Premchand began writing in 1905 and contributed articles on literary and other subjects in the Urdu journal Zamana. His first short stories were also published in this journal. In fact, Premchand began his career as a short story writer with the publication of Soz-e-Watan (Lament for the Motherland, 1908), written under his pen name, Nawab Rai. The collection drew the attention of the colonial government because of its alleged radical intent. He was summoned, when he was on an inspection tour, to explain his position. This is how Premchand describes the situation in his own words:

... Those days I wrote under the name of Nawab Rai. I already had some information that the intelligence wing of the police was making inquiries to track down the author of the book. I could realize that they have found me out and I had been summoned to defend myself.

The Saheb asked, Have you written this book? I admitted that I had.

The Saheb then asked me to explain the subject matter of each story, and finally burst out in anger, Your stories are full of sedition. Thank God that you are a servant of the British Empire. Had this happened during the Mughal rule both your hands would have been chopped off.

He was asked to burn all the copies of the book, and henceforth, get prior permission from the administration before sending any writing for publication. Petrified, he abided by the demands of the magistrate and submitted all available copies of the book to his office to be destroyed. Premchand realized that writing under the name Nawab Rai was no longer safe and sustainable, and to circumvent the iron hand of colonial censorship he had to assume a new pseudonym, which was Premchand. Thus, both Dhanpat Rai and Nawab Rai were finally buried and Premchand was born, a name by which generations of readers would know him.

Themes
Caste

Premchand felt a deep affinity with the common man and his natural sympathy was towards the oppressed and deprived sections of society. No writer before him in Urdu or Hindi, and possibly other Indian literatures, had depicted the lives of the underdogs, the untouchables and the marginalized with such depth and empathy. Throughout his life Premchand did not let go of his unsentimental awareness of the grim realities of rural life, of life at the bottom of the economic scale (Amrit Rai: 1982, ix). The oppressors and oppression came in many formsthey may have been priests or zamindars, lawyers or policemen or even doctors, all of whom held the society in their strangle-hold.
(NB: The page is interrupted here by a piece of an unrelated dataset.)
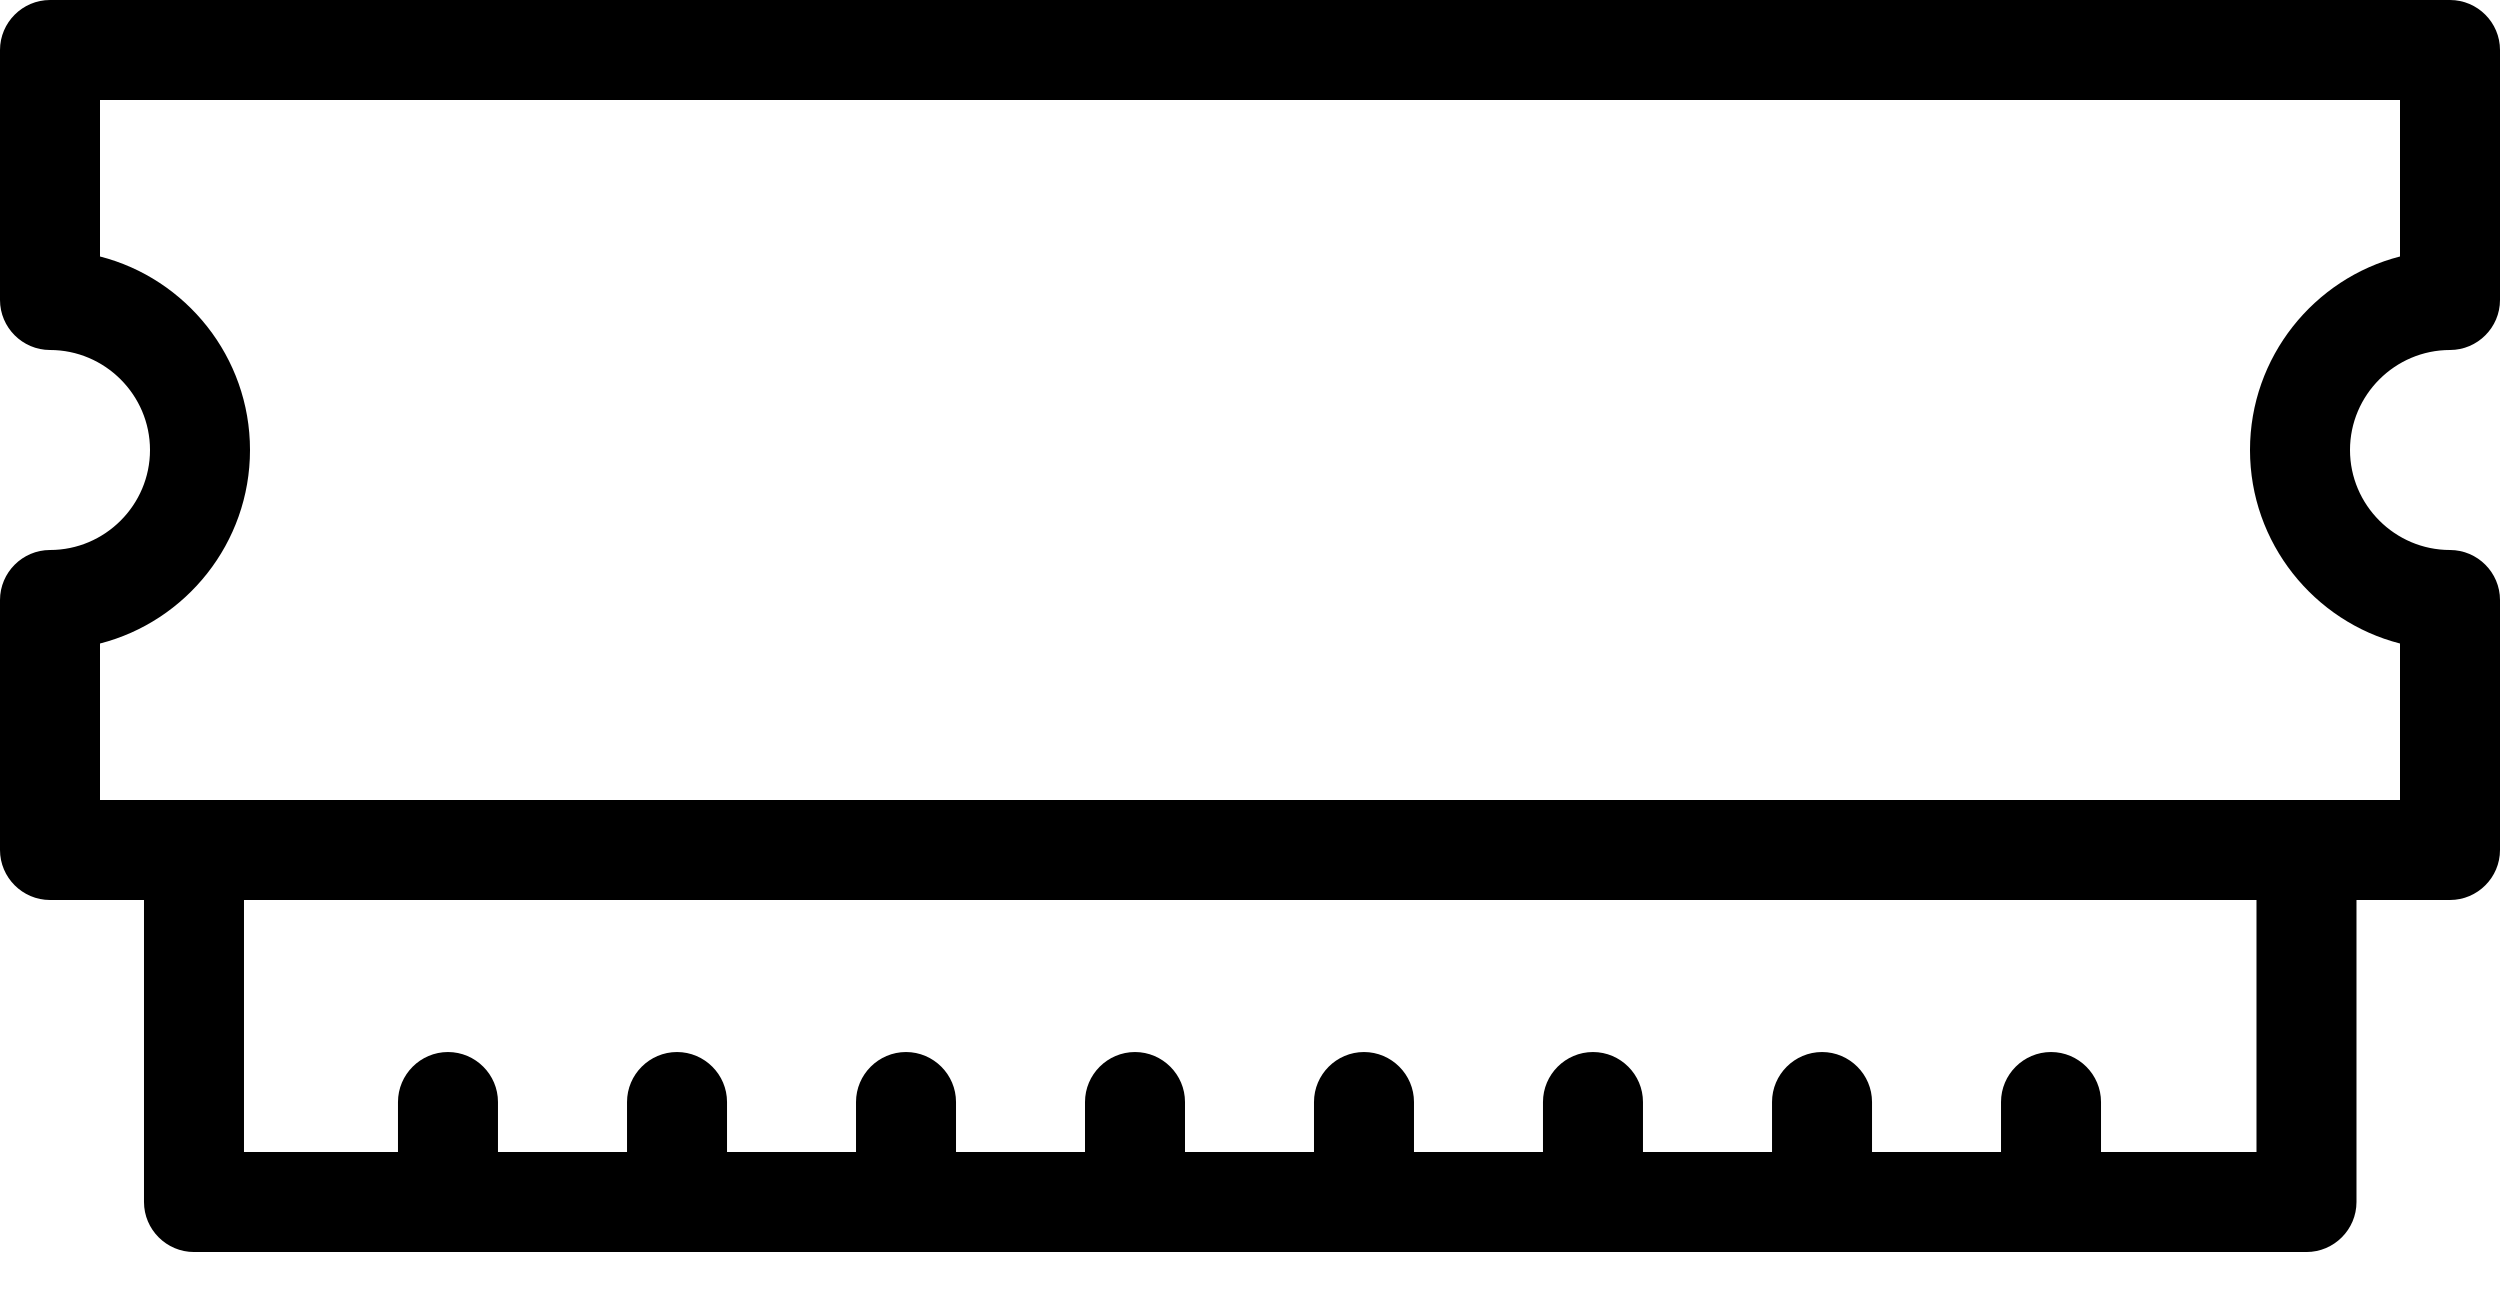 <svg viewBox="0 0 42 22" fill="none" xmlns="http://www.w3.org/2000/svg">
  <path d="M41.16 0H0.84C0.378 0 0 0.378 0 0.84V5.04C0 5.502 0.378 5.88 0.84 5.88C1.764 5.88 2.52 6.636 2.52 7.56C2.52 8.484 1.764 9.24 0.84 9.24C0.378 9.24 0 9.618 0 10.08V14.28C0 14.742 0.378 15.12 0.84 15.12H2.419V20.194C2.419 20.656 2.797 21.034 3.259 21.034H38.749C39.211 21.034 39.589 20.656 39.589 20.194V15.12H41.16C41.622 15.12 42 14.742 42 14.28V10.08C42 9.618 41.622 9.24 41.16 9.24C40.236 9.24 39.48 8.484 39.48 7.56C39.48 6.636 40.236 5.88 41.16 5.88C41.622 5.88 42 5.502 42 5.04V0.84C42 0.378 41.622 0 41.16 0ZM37.909 19.354H35.297V18.514C35.297 18.052 34.919 17.674 34.457 17.674C33.995 17.674 33.617 18.052 33.617 18.514V19.354H31.45V18.514C31.45 18.052 31.072 17.674 30.61 17.674C30.148 17.674 29.77 18.052 29.77 18.514V19.354H27.602V18.514C27.602 18.052 27.224 17.674 26.762 17.674C26.3 17.674 25.922 18.052 25.922 18.514V19.354H23.755V18.514C23.755 18.052 23.377 17.674 22.915 17.674C22.453 17.674 22.075 18.052 22.075 18.514V19.354H19.908V18.514C19.908 18.052 19.53 17.674 19.068 17.674C18.606 17.674 18.228 18.052 18.228 18.514V19.354H16.061V18.514C16.061 18.052 15.683 17.674 15.221 17.674C14.759 17.674 14.381 18.052 14.381 18.514V19.354H12.214V18.514C12.214 18.052 11.836 17.674 11.374 17.674C10.912 17.674 10.534 18.052 10.534 18.514V19.354H8.366V18.514C8.366 18.052 7.988 17.674 7.526 17.674C7.064 17.674 6.686 18.052 6.686 18.514V19.354H4.099V15.12H37.909V19.354ZM40.32 4.309C38.875 4.679 37.8 5.998 37.8 7.56C37.8 9.122 38.875 10.441 40.32 10.811V13.44H38.741H3.259H1.68V10.811C3.125 10.441 4.2 9.122 4.2 7.56C4.2 5.998 3.125 4.679 1.68 4.309V1.68H40.32V4.309Z" fill="black" />
</svg>

Rituals pertaining to Hindu marriages and death were so exploitative and oppressive that these events were often robbed of their dignity and joy and spelt the ruin of families.

Premchand began his career by exposing the corruption of the Hindu priestly class in his novel Asraar-e-Muavid (Mysteries of the House of Worship, 190305), and then he continued the tirade in many of his stories. In the story Babajis Feast Babaji ka Bhog he depicts the greed of the Brahmin baba who has no compunction in robbing a poor family of its meagre means, and in Funeral Feast Mritak Bhoj he showed how the predatory and parasitical Brahmins drive another Brahmin woman to destitution and her daughter to suicide. In a series of stories where the central character is Moteram, a Brahmin priest, Premchand exposes with rare courage the rapacity, the hollowness and hypocrisy of the Hindu priestly class, which earned him the ire and venom of a section of high-caste Hindus, even culminating in a law suit for defamation. But he remained undaunted and went on exposing many oppressive customs that were prevalent in society.